Moving focus from inside to outside may seem very counter-intuitive, but without it, you will never find peace as you understand it. Why? Because you will be consumed by the thoughts and feelings that only live in a self-focused world…anger, bitterness, resentment, blame. Did someone hurt you? Maybe they did. But did you stop and ask what their intention was, if it was a miscommunication, or were you only focused on yourself and how hurt you were? Did something bad happen to you? Maybe it did. But did you see yourself as a victim or a volunteer? And what of that relationship that just ended. Were you constantly blaming your person for not being who you hoped they were, or did you ever consider that maybe they were just being the only person they know how to be?

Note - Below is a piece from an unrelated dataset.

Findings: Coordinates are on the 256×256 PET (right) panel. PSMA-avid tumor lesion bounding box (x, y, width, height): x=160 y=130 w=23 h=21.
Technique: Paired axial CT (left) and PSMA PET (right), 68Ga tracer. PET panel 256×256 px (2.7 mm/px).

The examples are countless, but the point remains the same: if all you focus on is yourself, you will always be consumed by the poison of your own selfishness, and you will never find a sense of peace as you understand it or not. If all of this sounds uncomfortable or even a little brutal, it kind of is. But if you find yourself in pursuit of your own version of peace as you understand it and not doing a very good job, here are 3 simple steps that can help.

1. Learn to pause. Most of our problems start not in our actions or even our reactions, but in our inability to just take a physical, mental, and emotional time out. Changing behavior and changing thinking isn’t easy, especially if you’re over 25, but it is possible. The first step is to just pause and gather yourself. This is especially important if overreacting is your brand.

2. Be honest. Take an inventory of your life and the situations you’ve been in before. If you can do this and do it honestly, you’ll quickly see most things, once you get beyond them, are never as bad as they seemed before they happened.

3. Be grateful. A common morning ritual for many is called, “doing your gratitude’s”. It’s taking a few moments to take inventory of the blessings in your life, even if all you can see is the scorched earth all around you. Gratitude will move you from a mindset of internal and empty, to external and abundant. Take that abundance into the world in all your affairs and magic will happen. But most of all you’ll just feel better, and that my Sunday friend, is a gift you deserve to give yourself every day. Peace be with you.

Good luck and have a good week.

Joe Still
2024.04.14

Cite
“To enjoy good health, and to bring true happiness to one’s family, one must first discipline and control one’s own mind.”